At a ceremony at the Toronto Stock Exchange’s Stock Market Place this morning, Barb Stymiest, CEO of the TSX Group, remembered the 24 Canadians who died in the attacks of 9/11.

“Most of those who died that day worked in our industry, the financial industry. They died, indeed, because they worked in our industry. The two towers of the World Trade Center were the very symbols of global financial markets. And so they became the targets of terror,” said Stymiest.

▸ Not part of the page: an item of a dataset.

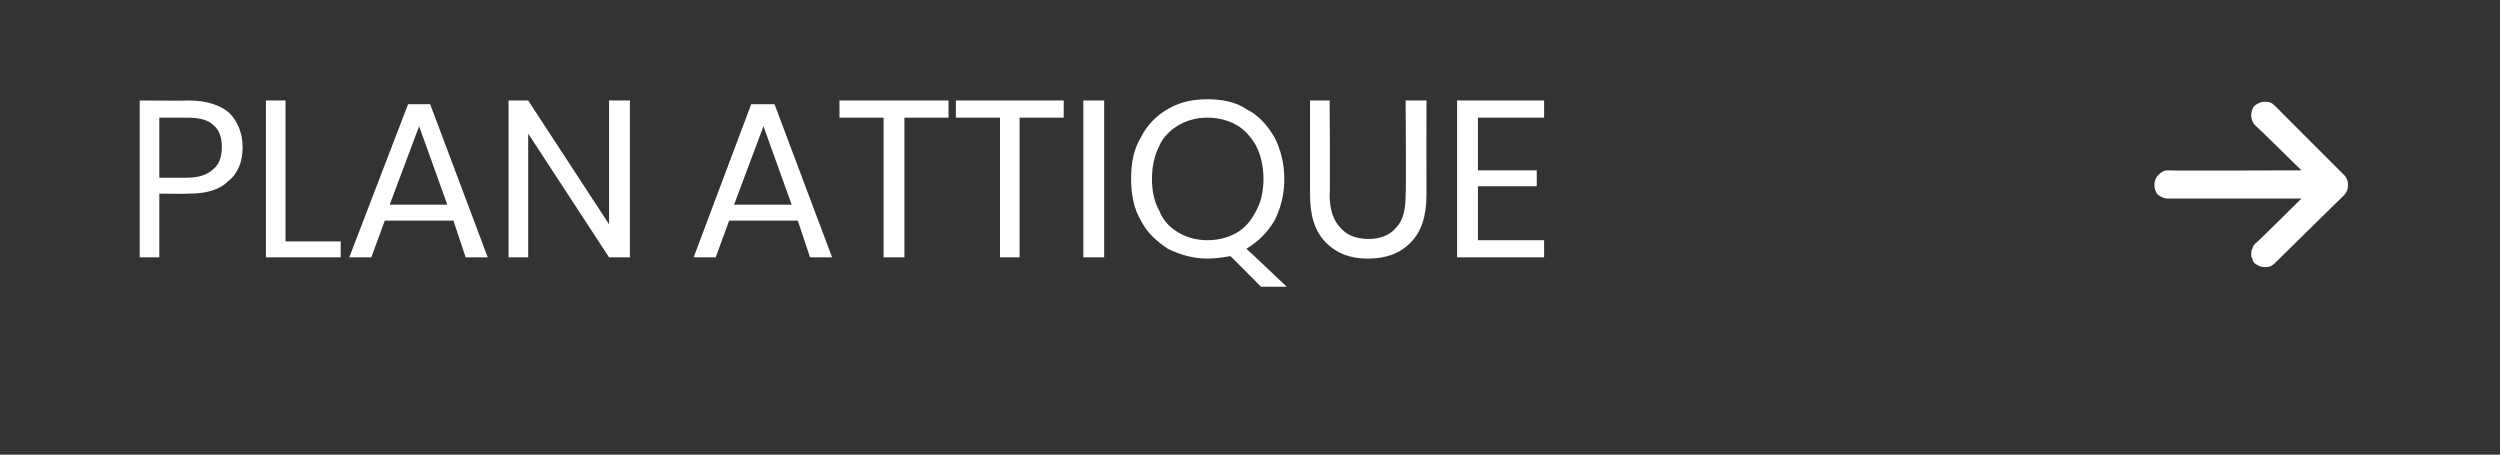 <?xml version="1.0" standalone="no"?><!DOCTYPE svg PUBLIC "-//W3C//DTD SVG 1.1//EN" "http://www.w3.org/Graphics/SVG/1.1/DTD/svg11.dtd"><svg xmlns="http://www.w3.org/2000/svg" version="1.1" width="204px" height="37.1px" viewBox="0 -4 204 37.1" style="top:-4px"><rect x="0" y="-4" width="204" height="37.1" fill="#333333" stroke="none"/><desc>Plan Attique </desc><defs/><g id="Polygon72217"><path d="m13 11.8l0 5.2l-1.6 0l0-12.8c0 0 4.01.03 4 0c1.5 0 2.6.4 3.3 1c.7.7 1.1 1.7 1.1 2.8c0 1.2-.4 2.2-1.2 2.8c-.7.7-1.8 1-3.2 1c.01.03-2.4 0-2.4 0zm2.3-1.3c1 0 1.7-.3 2.1-.7c.5-.4.7-1 .7-1.8c0-.8-.2-1.4-.7-1.8c-.4-.4-1.1-.6-2.1-.6c-.04 0-2.3 0-2.3 0l0 4.9l2.3 0c0 0-.04-.04 0 0zm8 5.2l4.5 0l0 1.3l-6.1 0l0-12.8l1.6 0l0 11.5zm13.7-1.7l-5.6 0l-1.1 3l-1.8 0l4.8-12.5l1.8 0l4.7 12.5l-1.8 0l-1-3zm-.5-1.3l-2.3-6.4l-2.4 6.4l4.7 0zm14.9 4.3l-1.7 0l-6.6-10.1l0 10.1l-1.6 0l0-12.8l1.6 0l6.6 10.1l0-10.1l1.7 0l0 12.8zm13.7-3l-5.6 0l-1.1 3l-1.8 0l4.7-12.5l1.9 0l4.7 12.5l-1.8 0l-1-3zm-.5-1.3l-2.3-6.4l-2.4 6.4l4.7 0zm12.8-8.5l0 1.4l-3.6 0l0 11.4l-1.7 0l0-11.4l-3.6 0l0-1.4l8.9 0zm9.4 0l0 1.4l-3.6 0l0 11.4l-1.6 0l0-11.4l-3.6 0l0-1.4l8.8 0zm3.3 0l0 12.8l-1.7 0l0-12.8l1.7 0zm12.8 15.2c0 0-2.52-2.54-2.5-2.5c-.6.1-1.2.2-1.9.2c-1.1 0-2.2-.3-3.2-.8c-.9-.6-1.7-1.3-2.2-2.3c-.6-1-.8-2.2-.8-3.4c0-1.3.2-2.4.8-3.4c.5-1 1.3-1.8 2.2-2.3c1-.6 2.1-.8 3.2-.8c1.2 0 2.3.2 3.2.8c1 .5 1.7 1.3 2.3 2.3c.5 1 .8 2.1.8 3.4c0 1.3-.3 2.4-.8 3.4c-.6 1-1.3 1.7-2.3 2.3c.02-.02 3.3 3.1 3.3 3.1l-2.1 0zm-8.9-8.8c0 1 .2 1.9.6 2.6c.3.8.9 1.4 1.6 1.8c.7.4 1.5.6 2.3.6c.9 0 1.7-.2 2.4-.6c.7-.4 1.2-1 1.6-1.8c.4-.7.6-1.6.6-2.6c0-1-.2-1.9-.6-2.7c-.4-.7-.9-1.3-1.6-1.7c-.7-.4-1.5-.6-2.4-.6c-.8 0-1.6.2-2.3.6c-.7.4-1.3 1-1.6 1.7c-.4.8-.6 1.7-.6 2.7c0 0 0 0 0 0zm14.5-6.4c0 0 .05 7.67 0 7.7c0 1.2.3 2.1.9 2.7c.5.6 1.3.9 2.3.9c.9 0 1.7-.3 2.2-.9c.6-.6.8-1.5.8-2.7c.05-.03 0-7.7 0-7.7l1.7 0c0 0-.01 7.67 0 7.7c0 1.7-.4 3-1.3 3.9c-.9.9-2 1.3-3.5 1.3c-1.4 0-2.5-.4-3.4-1.3c-.9-.9-1.3-2.2-1.3-3.9c0-.03 0-7.7 0-7.7l1.6 0zm12.1 1.4l0 4.3l4.8 0l0 1.3l-4.8 0l0 4.4l5.4 0l0 1.4l-7.1 0l0-12.8l7.1 0l0 1.4l-5.4 0zm70.7 6.3c.2-.2.3-.5.3-.8c0-.3-.1-.6-.3-.8c0 0-5.7-5.7-5.7-5.7c-.2-.2-.4-.3-.8-.3c-.3 0-.5.1-.8.3c-.2.2-.3.5-.3.8c0 .3.1.6.3.8c.05.01 3.8 3.7 3.8 3.7c0 0-10.86.04-10.9 0c-.3 0-.5.1-.8.4c-.2.2-.3.5-.3.8c0 .3.1.6.3.8c.3.2.5.3.8.3c.04 0 10.9 0 10.9 0c0 0-3.75 3.72-3.8 3.7c-.1.1-.2.3-.2.4c-.1.1-.1.3-.1.4c0 .2 0 .3.1.4c0 .2.1.3.2.4c.3.2.5.3.8.3c.4 0 .6-.1.8-.3c0 0 5.7-5.6 5.7-5.6z" stroke="none" fill="#fff"/></g></svg>
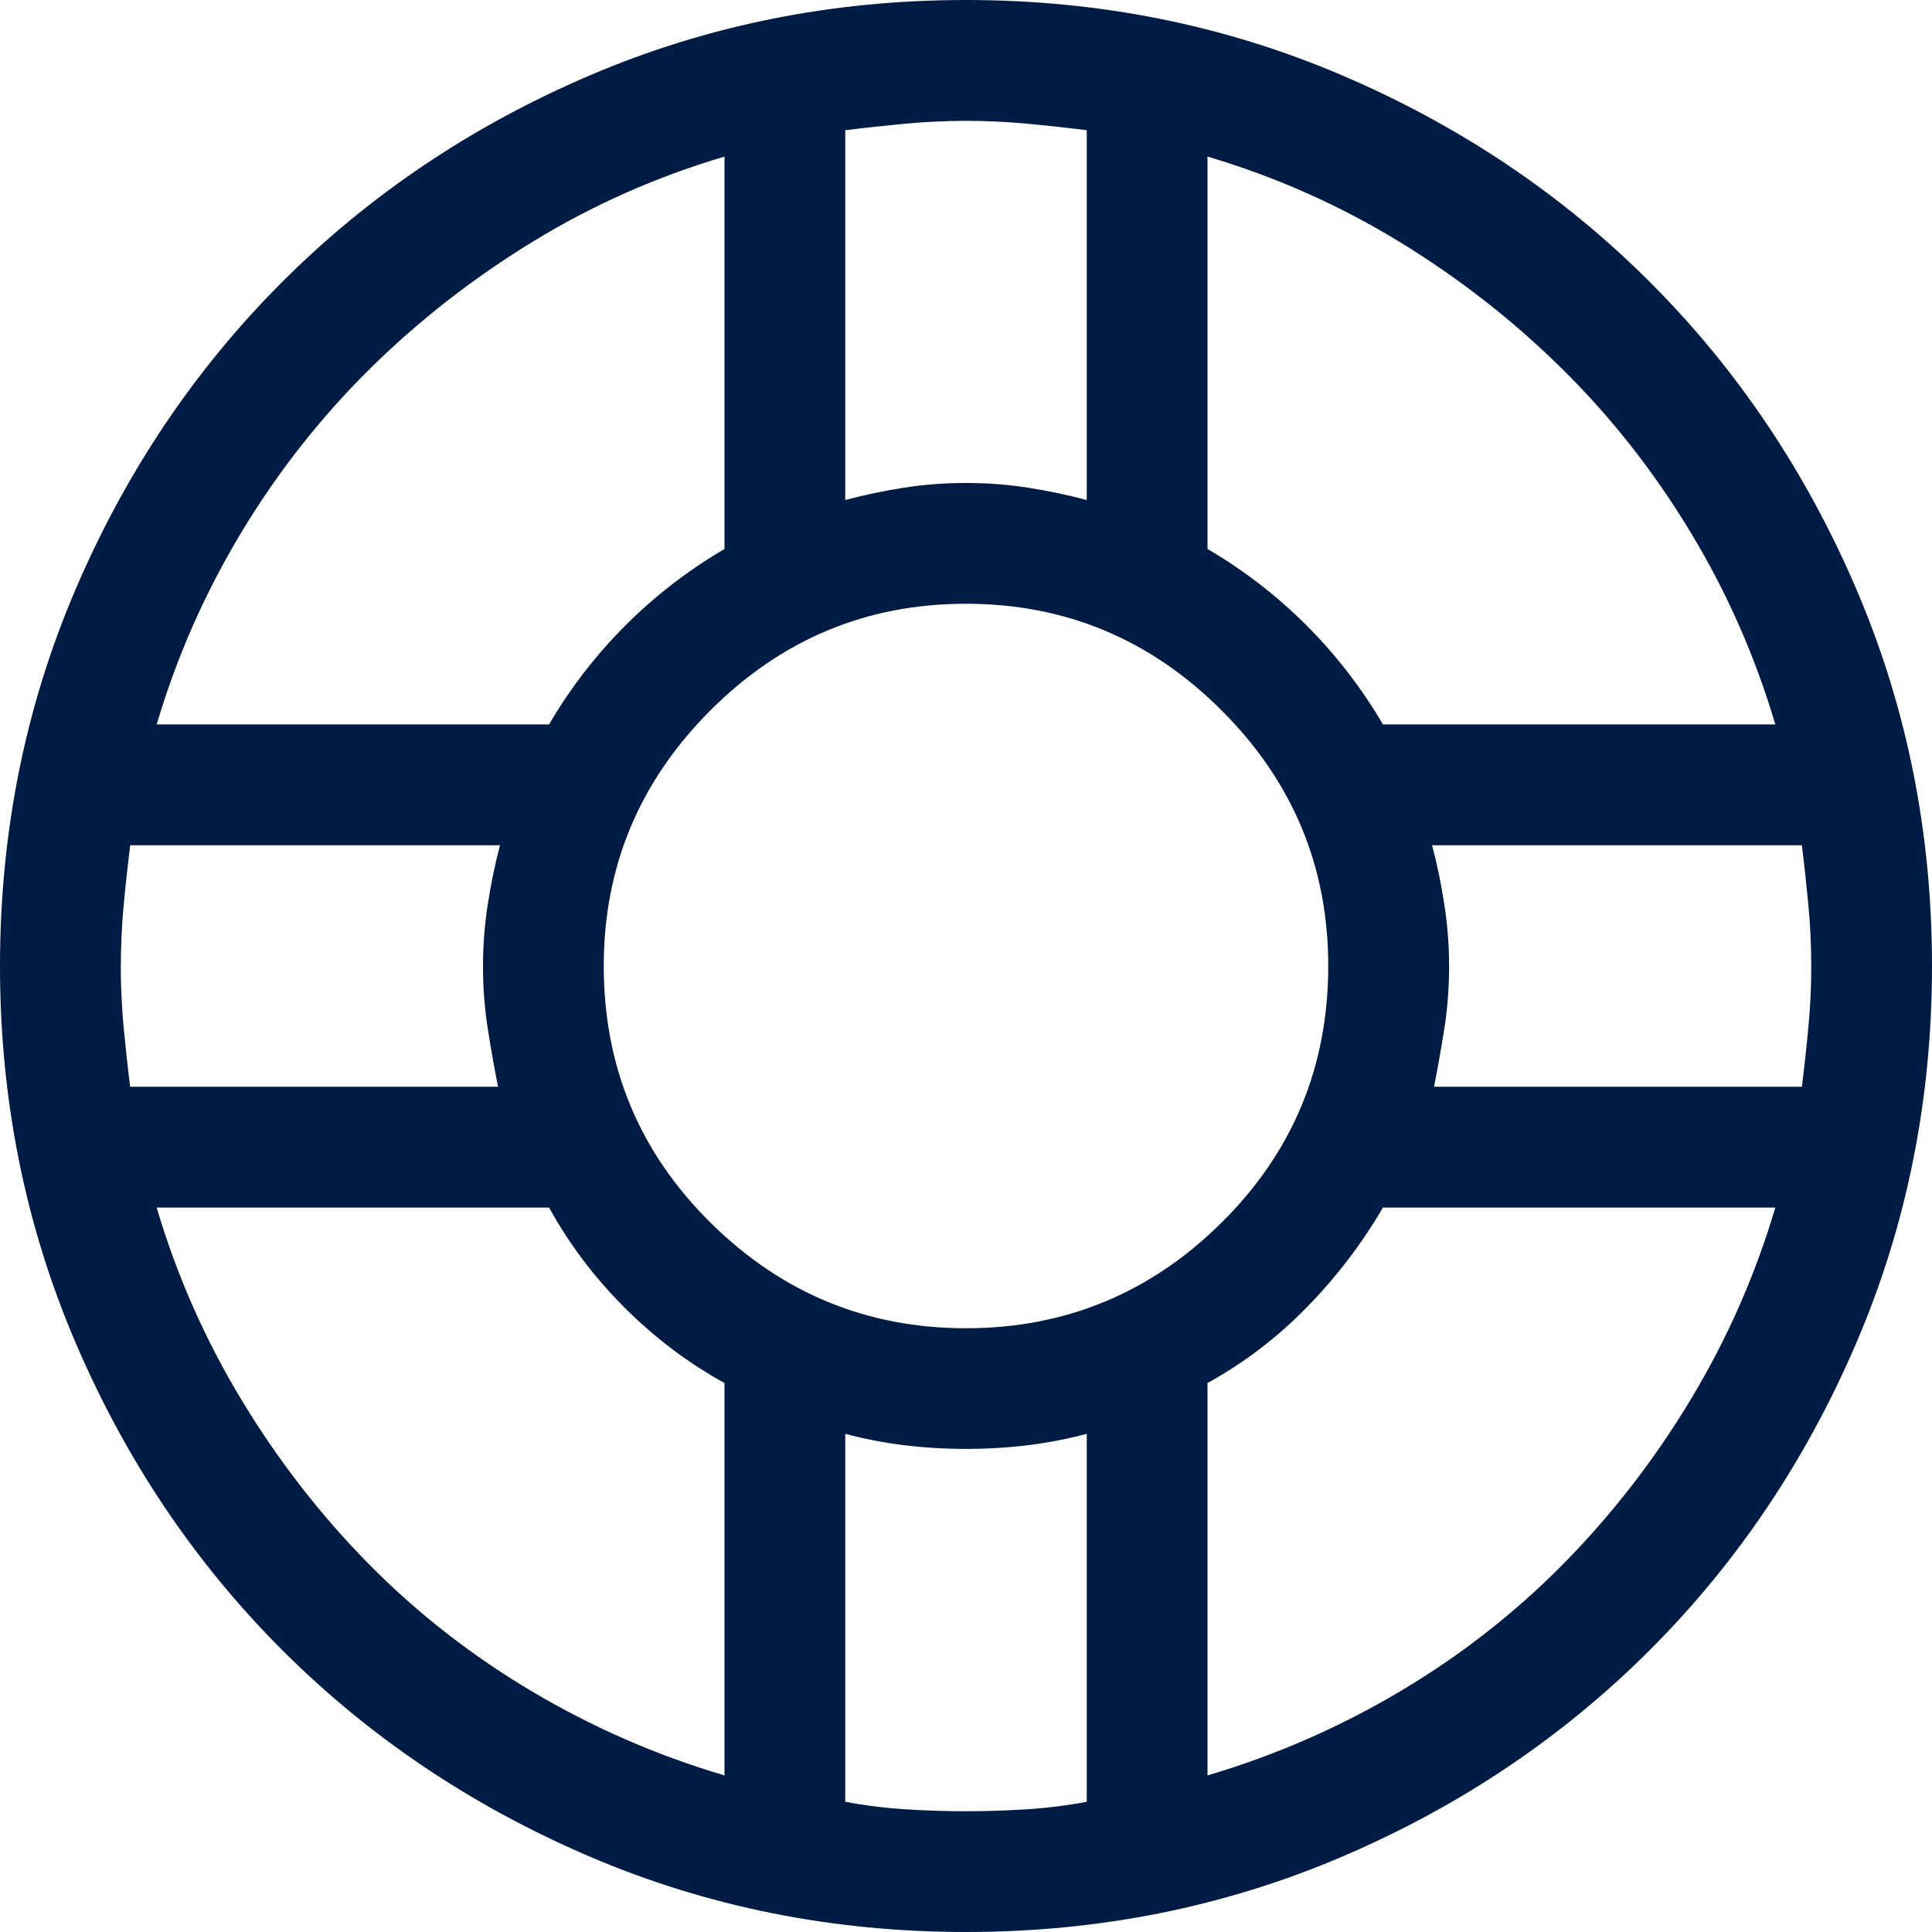 <svg height="20" viewBox="0 0 20 20" width="20" xmlns="http://www.w3.org/2000/svg"><path d="m24 14c1.38 0 2.679.26 3.896.781s2.279 1.234 3.184 2.139c.905.905 1.618 1.966 2.139 3.184s.781 2.516.781 3.896-.26 2.679-.781 3.896-1.234 2.279-2.139 3.184c-.905.905-1.966 1.618-3.184 2.139s-2.516.781-3.896.781-2.679-.26-3.896-.781-2.279-1.234-3.184-2.139c-.905-.905-1.618-1.966-2.139-3.184s-.781-2.516-.781-3.896.26-2.679.781-3.896 1.234-2.279 2.139-3.184c.905-.905 1.966-1.618 3.184-2.139s2.516-.781 3.896-.781zm2.5 1.621v4.062c.378.221.719.485 1.025.791s.57.648.791 1.025h4.062c-.208-.703-.501-1.367-.879-1.992s-.82-1.188-1.328-1.689-1.071-.941-1.689-1.318-1.279-.671-1.982-.879zm1.25 8.379c0-1.029-.368-1.911-1.104-2.646-.736-.736-1.618-1.104-2.646-1.104s-1.911.368-2.646 1.104c-.736.736-1.104 1.618-1.104 2.646 0 1.042.368 1.927 1.104 2.656.736.729 1.618 1.094 2.646 1.094s1.911-.365 2.646-1.094c.736-.729 1.104-1.615 1.104-2.656zm-5-8.652v3.828c.195-.052.397-.094.605-.127.208-.033.423-.049.645-.049s.436.016.645.049c.208.033.41.075.605.127v-3.828c-.208-.026-.417-.049-.625-.068-.208-.02-.417-.029-.625-.029s-.417.01-.625.029c-.208.02-.417.042-.625.068zm-1.25.273c-.703.208-1.364.501-1.982.879s-1.182.817-1.689 1.318-.951 1.064-1.328 1.689-.671 1.289-.879 1.992h4.062c.221-.378.485-.719.791-1.025s.648-.57 1.025-.791zm-6.25 8.379c0 .208.01.417.029.625.02.208.042.417.068.625h3.809c-.039-.195-.075-.397-.107-.605-.033-.208-.049-.423-.049-.645 0-.208.016-.42.049-.635.033-.215.075-.42.127-.615h-3.828c-.026.208-.049.417-.068.625-.02.208-.029.417-.029.625zm6.25 8.379v-4.062c-.378-.208-.723-.469-1.035-.781-.313-.313-.573-.658-.781-1.035h-4.062c.208.703.501 1.367.879 1.992s.817 1.191 1.318 1.699c.501.508 1.064.947 1.689 1.318s1.289.661 1.992.869zm3.75.273v-3.809c-.195.052-.397.091-.605.117-.208.026-.423.039-.645.039s-.436-.013-.645-.039c-.208-.026-.41-.065-.605-.117v3.809c.208.039.417.065.625.078.208.013.417.02.625.02s.417-.007.625-.02c.208-.013.417-.039.625-.078zm1.25-.273c.703-.208 1.367-.498 1.992-.869s1.188-.811 1.689-1.318c.501-.508.941-1.074 1.318-1.699s.671-1.289.879-1.992h-4.062c-.221.378-.485.723-.791 1.035-.306.313-.648.573-1.025.781zm2.344-7.129h3.809c.026-.208.049-.417.068-.625.02-.208.029-.417.029-.625s-.01-.417-.029-.625c-.02-.208-.042-.417-.068-.625h-3.828c.052.195.094.4.127.615.033.215.049.426.049.635 0 .221-.016.436-.049.645-.033.208-.068.41-.107.605z" fill="#001b44" fill-rule="evenodd" transform="translate(-14 -14)"/></svg>

Symiest said that worldwide remembrance ceremonies are a way of “declaring our fellowship with every other”. And that the attacks, “created was a powerful impulse to forge from the ruins they had created an even more powerful symbol. It is a symbol built — not on great towers scraping the sky — but on the shared experience of people. That is the importance of what is going on here today around the world and throughout our industry.”

“We are joined today in sharing a bitter memory, in sharing the grief felt most acutely by Americans but by people in every country, in remembering the victims of terror. But we are together, too, in our determination to preserve, sustain and rebuild what terror tried to take away. And that shared determination is not something terror can destroy, like another tower. It is something terror can only strengthen,” she concluded.

Following Stymiest’s remarks, Eric Tripp, the vice chair of BMO Nesbitt Burns, read the names of the 24 Canadians who died a year ago today.